Health Watchdog
If the database is under a high concurrent load, it leads to a bad health state on the server. The Health Watchdog is designed to mitigate the bad health state by doing the following:
-
Detecting the bad health state.
-
Stopping the transactions from adding to this bad state by blocking DDL/DML transactions.
-
Once the bad health state has been mitagated, allowing all blocked transactions to proceed.
Note
Only non-super user commands can be stopped by the Health Watchdog check.The metrics Health Watchdog uses to check the server status and enact the mitigation are:
-
Truncation Version Lag - tracks the catalog sync service and detects bad health conditions in the server when the current commit version is far ahead of the database truncation version.

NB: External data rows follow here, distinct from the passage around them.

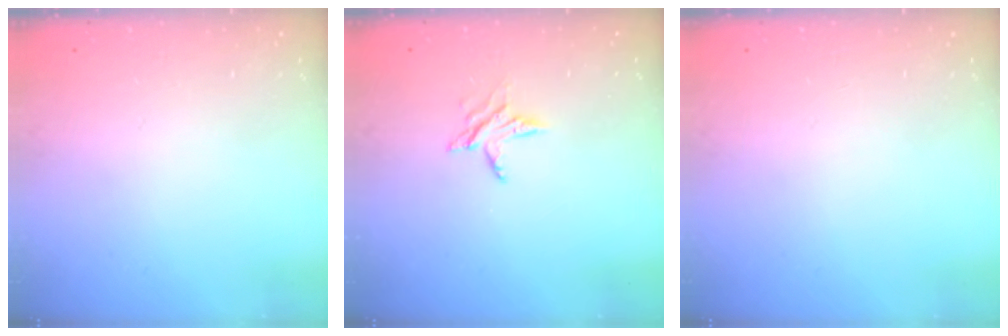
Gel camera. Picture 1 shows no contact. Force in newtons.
{"total": 5.2, "press": 5.2, "slide": 0.6}
{"total": 0.0}
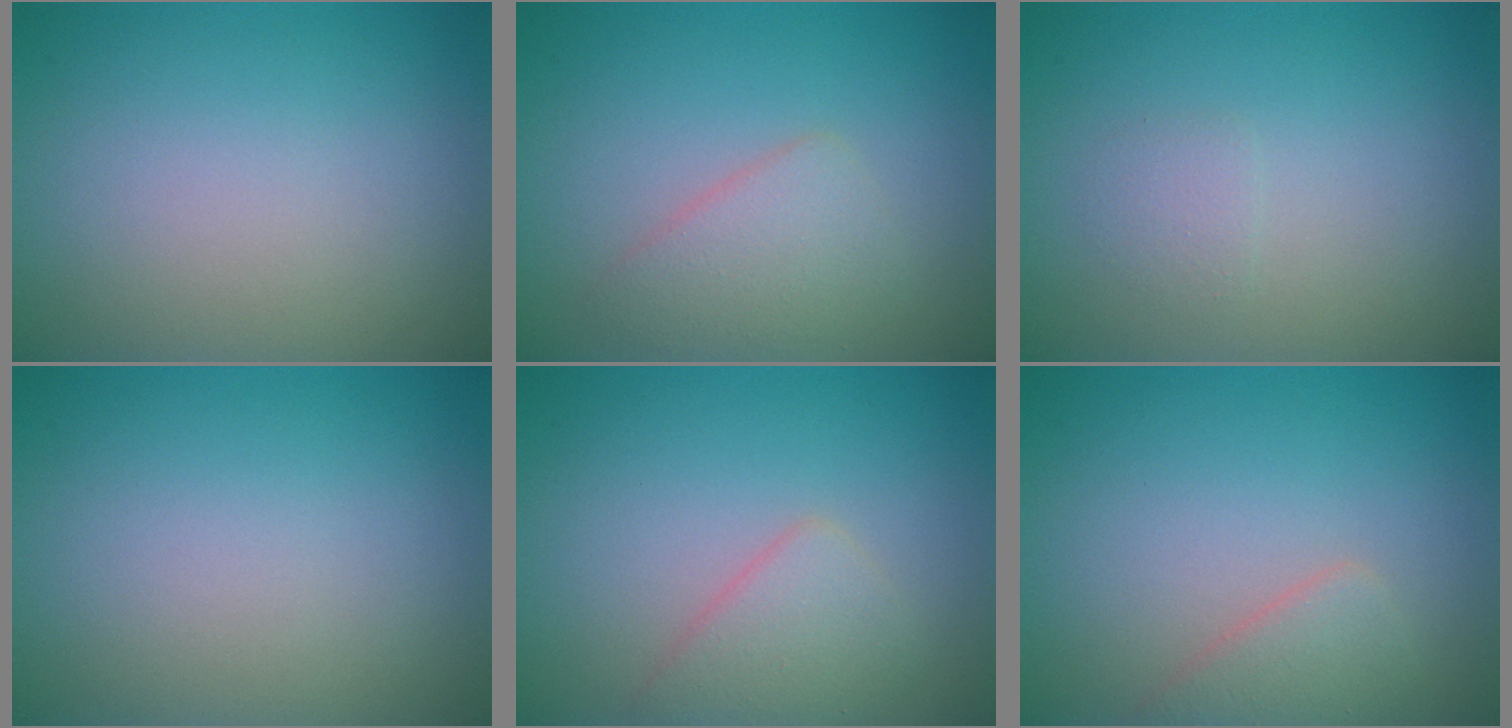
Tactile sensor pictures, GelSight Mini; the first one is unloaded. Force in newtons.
{"total": 2.6, "press": 2.6, "slide": 0.1}
{"total": 0.9, "press": 0.9, "slide": 0.1}
{"total": 0.0}
{"total": 2.5, "press": 2.5, "slide": 0.1}
{"total": 2.0, "press": 2.0, "slide": 0.1}

By default, it is set to 500. It can be tuned using
TruncationVersionLag
. -
GCLX Queue Bloat - tracks the GCLX queue size and stops the GCLX requests when the server is bombarded. By default, it is set to 100. It can be tuned using
GCLXBlockParameter
. -
Mergeout Queue Bloat - tracks the TM queue size and stops DML transactions if the TM pool threads cannot keep up with the number of TM requests. By default, it is set to 100. It can be tuned using
MergeoutBlockParameter
. -
Watchdog Timout Interval - the amount of time a transaction is blocked before it is timed out. By default, it is set to 5 minutes. It can be tuned using
WatchdogTimeoutInterval
.
You can check the status of the server using check_cluster_health and the health_watchdog_blocked_transactions system table.